[Material provided Boundary: Start]

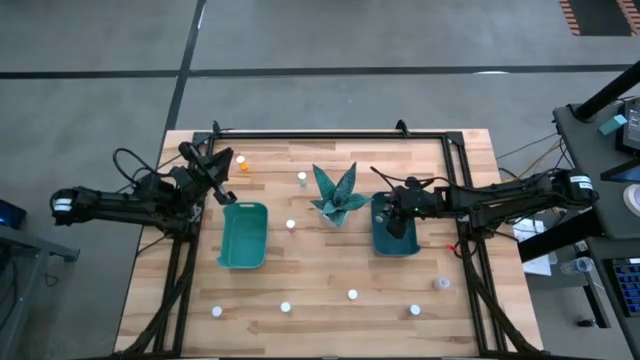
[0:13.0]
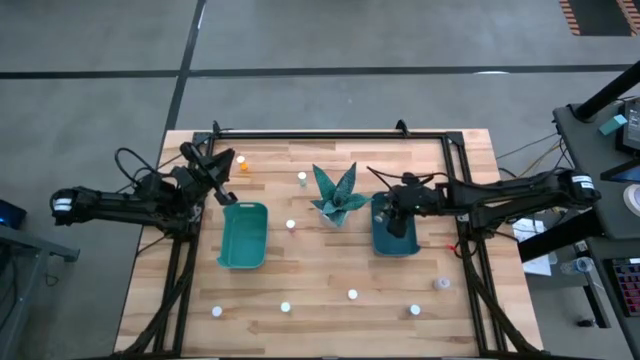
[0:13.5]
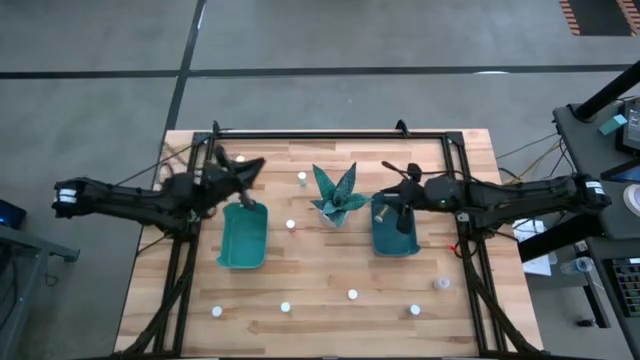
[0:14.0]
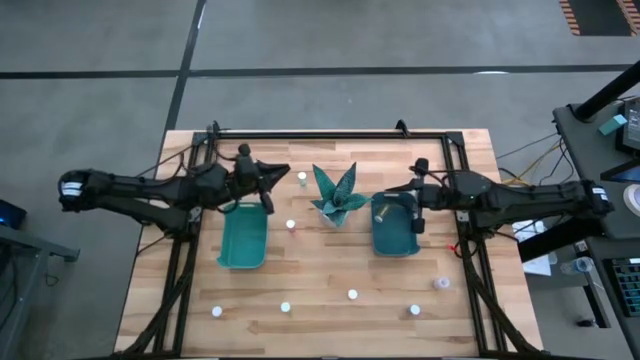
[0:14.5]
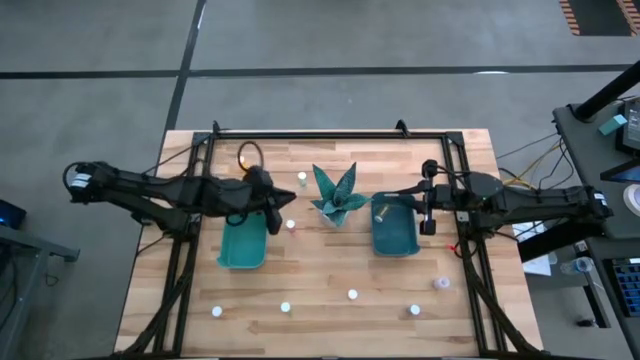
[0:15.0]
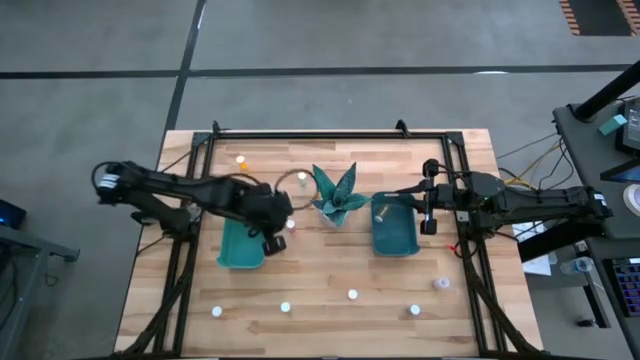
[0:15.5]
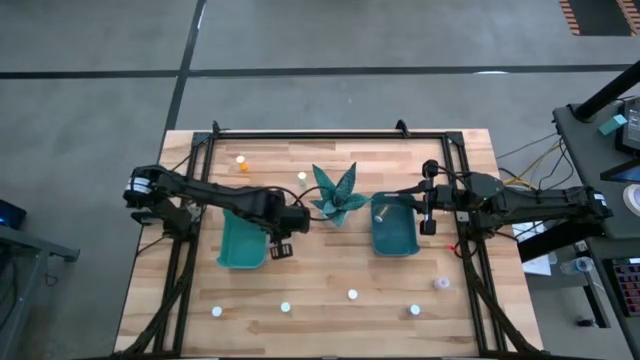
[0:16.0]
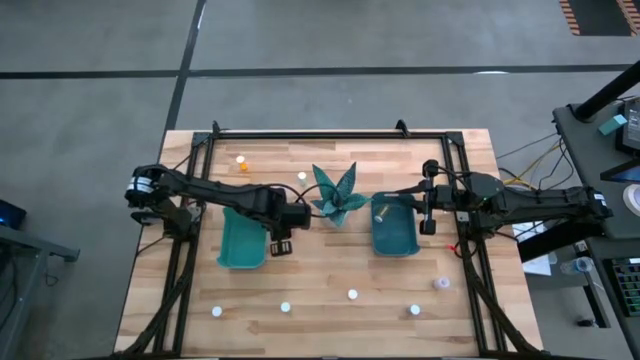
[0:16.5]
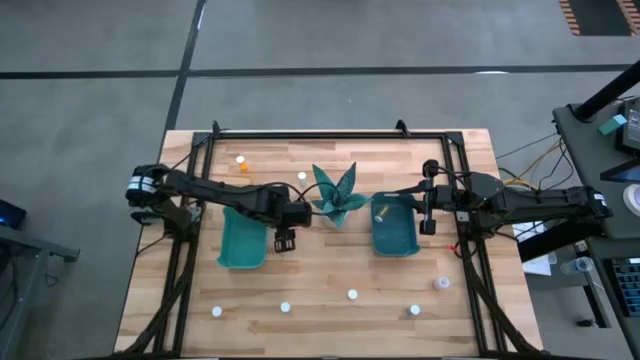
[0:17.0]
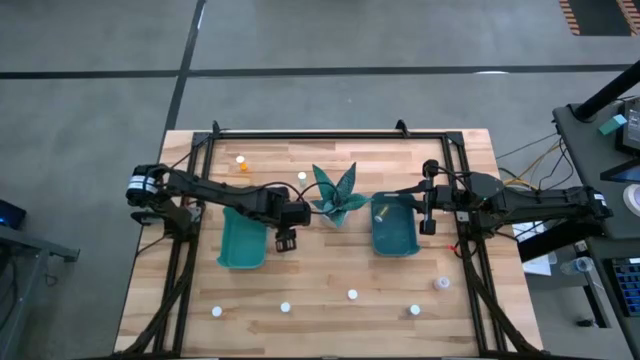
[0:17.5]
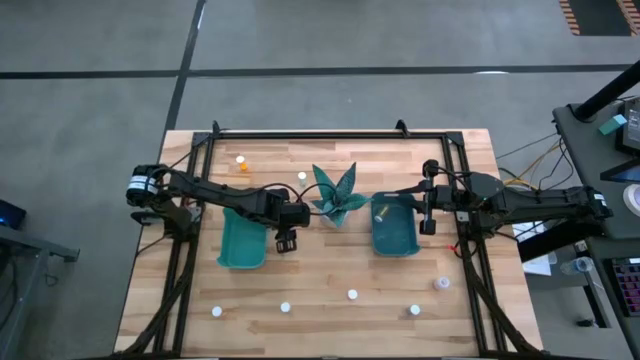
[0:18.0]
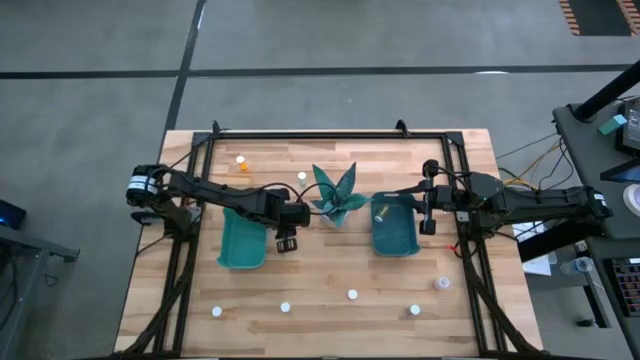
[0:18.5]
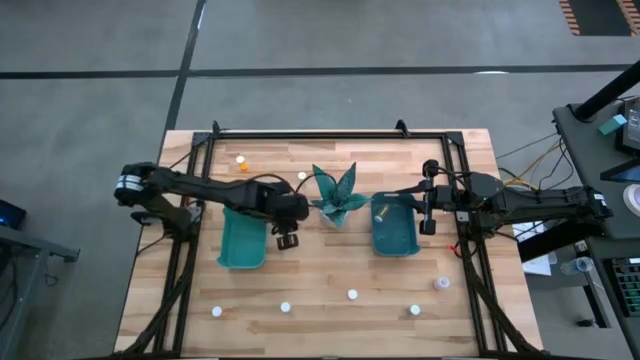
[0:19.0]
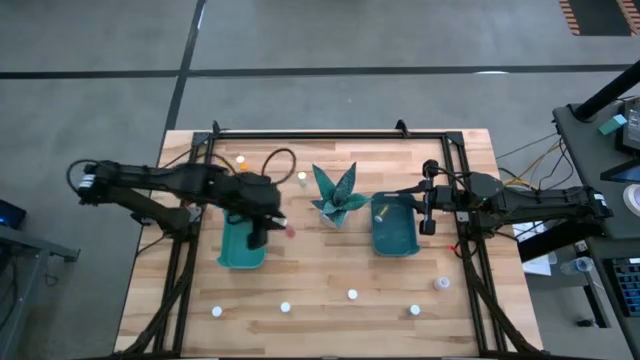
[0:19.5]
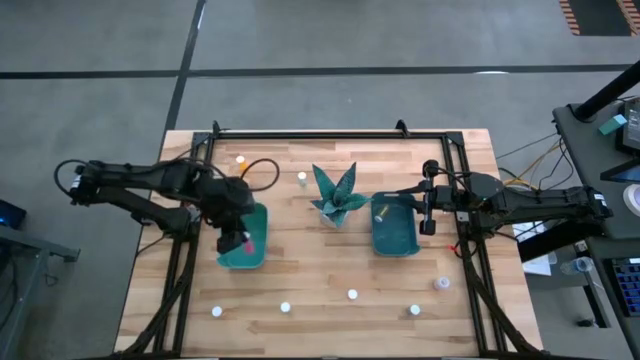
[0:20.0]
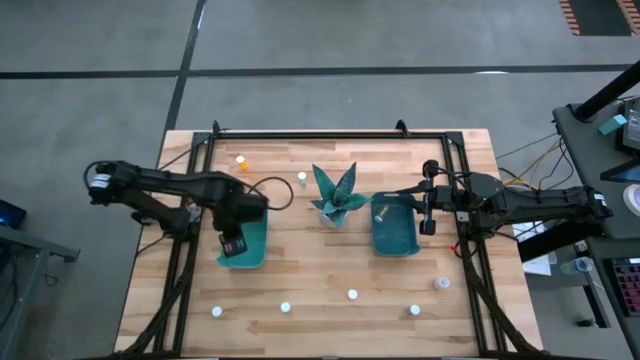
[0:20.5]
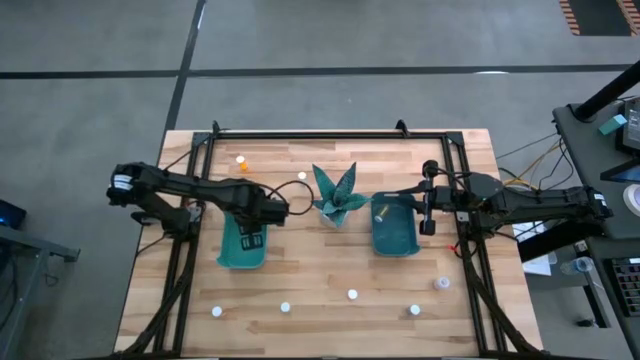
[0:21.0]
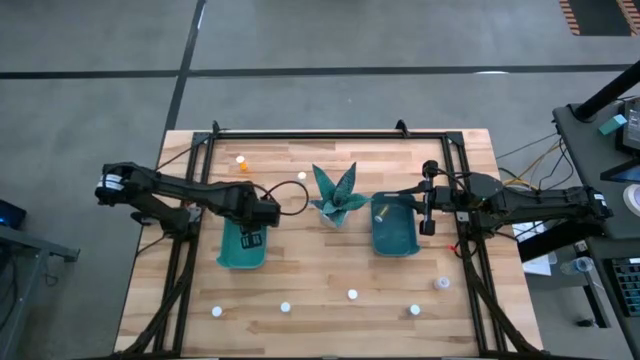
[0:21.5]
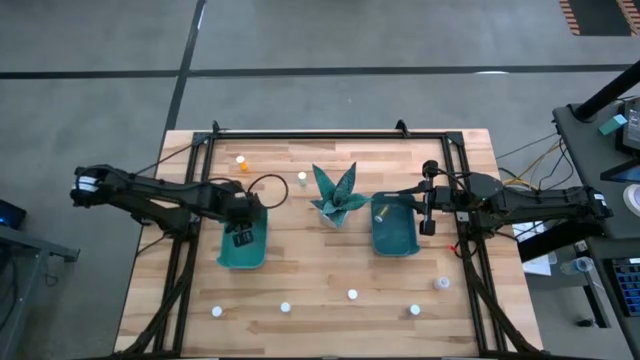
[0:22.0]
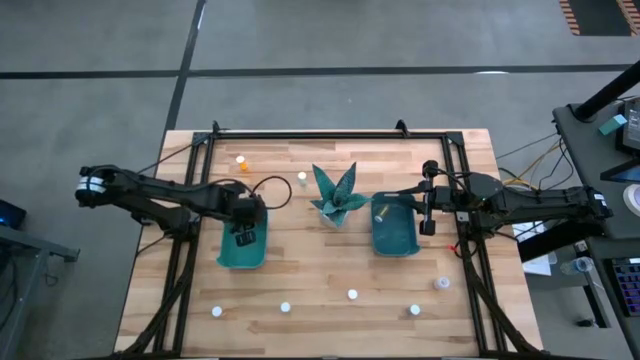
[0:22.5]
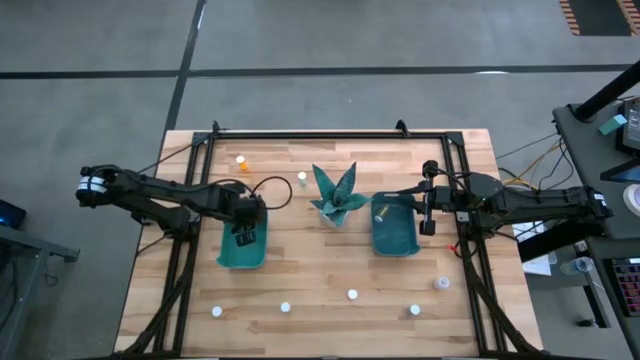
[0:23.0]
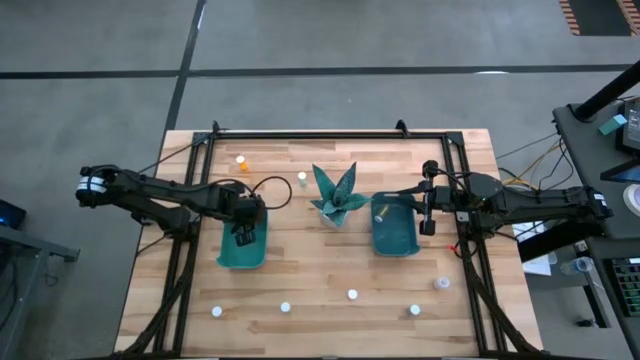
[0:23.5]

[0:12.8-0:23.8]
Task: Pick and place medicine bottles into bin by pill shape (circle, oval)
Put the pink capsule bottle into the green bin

[Material provided Boundary: End]

* [Task instructions]: Please return the lines above exactly, with the pictures omitted.

* [Solution for this task]:
[0:13.0]
[0:13.5]
[0:14.0]
[0:14.5]
[0:15.0]
[0:15.5]
[0:16.0]
[0:16.5]
[0:17.0]
[0:17.5]
[0:18.0]
[0:18.5]
[0:19.0]
[0:19.5]
[0:20.0]
[0:20.5]
[0:21.0]
[0:21.5]
[0:22.0]
[0:22.5]
[0:23.0]
[0:23.5]

[0:12.8-0:23.8]
Task: Pick and place medicine bottles into bin by pill shape (circle, oval)
Put the pink capsule bottle into the green bin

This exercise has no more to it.